PEP never mandates for the frontend to do this addition, as most build backend (declarative in nature) will never need this. So such functionality was deemed to be under the responsibility of the front end. setuptools respectively thinks if users want this functionality they should be explicit in their setup.py and add prepend manually the respective path to the sys.path.

To simplify the pip code base pip decided to opt in into PEP-517 all people having a pyproject.toml into the setuptools backend. Now with this issue even packages that haven't opted in to PEP-517 started to break. To fix this, setuptools added a new build backend (setuptools.build_meta:__legacy__) designed to be used by frontends as a default when the build backend is left unspecified; when projects add the build-backend key, they will have to also change their setup.py to either add the source root to their sys.path or avoid importing from the source root.

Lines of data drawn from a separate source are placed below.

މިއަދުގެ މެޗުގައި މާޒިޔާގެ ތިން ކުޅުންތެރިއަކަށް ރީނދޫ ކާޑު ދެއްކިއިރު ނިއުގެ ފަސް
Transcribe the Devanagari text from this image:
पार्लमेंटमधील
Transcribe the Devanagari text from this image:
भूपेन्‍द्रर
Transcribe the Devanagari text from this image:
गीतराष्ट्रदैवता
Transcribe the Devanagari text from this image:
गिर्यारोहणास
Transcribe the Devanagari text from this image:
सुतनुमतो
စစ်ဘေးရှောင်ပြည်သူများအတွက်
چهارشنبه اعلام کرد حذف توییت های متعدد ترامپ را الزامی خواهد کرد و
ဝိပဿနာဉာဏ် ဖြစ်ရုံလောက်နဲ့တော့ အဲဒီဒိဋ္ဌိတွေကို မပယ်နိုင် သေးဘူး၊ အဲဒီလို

self bootstrapping backends

Another interesting problem was raised that has a much tighter user base, but exposes an interesting problem. In case we don't want to use wheels, and we provision only via source distribution; how should we resolve the problem of how do we provide the build backend's build backend? For example, setuptools packages itself via setuptools. So were setuptools specify this via PEP-517 the build frontend would be put inside an infinite loop.

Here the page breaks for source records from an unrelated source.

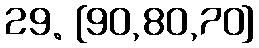
29. [90,80,70]
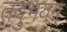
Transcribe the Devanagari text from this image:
तदुभयम्
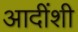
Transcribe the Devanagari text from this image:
आदींशी
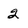
Character: 2
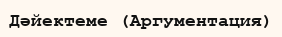
Дәйектеме (Аргументация)
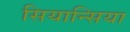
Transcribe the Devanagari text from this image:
सियान्सिया
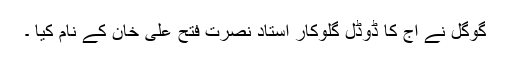
گوگل نے آج کا ڈوڈل گلوکار استاد نصرت فتح علی خان کے نام کیا ۔

To install the library pugs it would first try to create an isolated environment. This environment needs setuptools, so the build frontend will need to build a wheel to satisfy it. The wheel build would itself trigger the creation of an isolated environment, which has build dependency again setuptools.

How to break this loop? Mandate all build backends must be exposed as wheels? Allow backends that can build themselves? Should these self build backend allowed to take on dependencies? There's a long discussion with various options, pros and cons, so if you're interested make sure to head over the python Discourse board and give your opinion.

three fawn pugs
Photo by Sneaky Elbow / Unsplash - we're all together in this

Conclusion

Packaging is hard. Improving a packaging system without any breakage where users can write and run arbitrary code during the packaging in your free time is probably impossible. With PEP-518 though now build dependencies are explicit and build environments easy to create. With PEP-517 we can start moving into a more declarative packaging namespace, that allows less space for users to make mistakes and provide better messages when things inevitably go wrong.

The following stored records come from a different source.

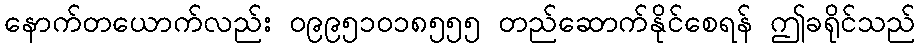
နောက်တယောက်လည်း ၀၉၉၅၁၀၁၈၅၅၅ တည်ဆောက်နိုင်စေရန် ဤခရိုင်သည်
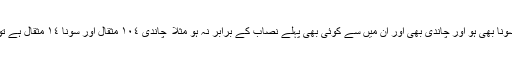
اگرکسی شخص کے پاس سونا بھی ہو اور چاندی بھی اور ان میں سے کوئی بھی پہلے نصاب کے برابر نہ ہو مثلا ً چاندی ١٠٤ مثقال اور سونا ١٤ مثقال ہے تو اس پر زکواۃ واجب نہیں۔
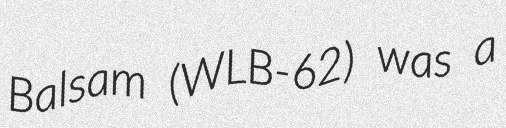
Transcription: Balsam (WLB-62) was a
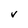
Character: V
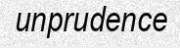
unprudence
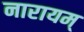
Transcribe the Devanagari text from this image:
नारायम्
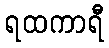
ရထကာရီ
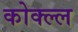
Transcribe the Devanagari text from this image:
कोक्ल्ल
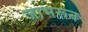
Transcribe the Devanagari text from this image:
जाभरून
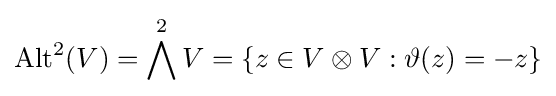
{\text{Alt}}^{2}(V)=\bigwedge ^{2}V=\{z\in V\otimes V:\vartheta (z)=-z\}
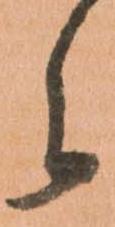
之
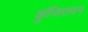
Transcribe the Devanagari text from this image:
कुंजिरामन्
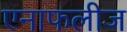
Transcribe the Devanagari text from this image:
एनाफलीज
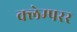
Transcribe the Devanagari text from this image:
क्लेम्परर
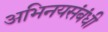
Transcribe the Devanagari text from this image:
अभिनयसंबंधी

Granted as we go through this changes some packages might break, and we might disallow some practices that worked until now. We (PyPa maintainers) don't do it in bad faith though, so when errors do pop up please do fill in a detailed error report with what went wrong, how you tried to use it, and what is your use case.

We're trying to genuinely improve the packaging ecosystem, as such we've created the integration-test repository, as an effort to ensure that in future we can catch at least some of these edge cases before they land on your machine. If you have any suggestion or requirements to any part of packaging feel free to start a discussion on the Discuss Python forums packaging section, or open an issue for the relevant tool at hand.

fawn pug sitting on couch
Photo by Milan Popovic / Unsplash - the end

That's all for now, thanks for reading through it all! I would like to thank Paul Ganssle for reviewing the packaging series post, and Tech At Bloomberg for allowing me to do open source contributions during my working hours.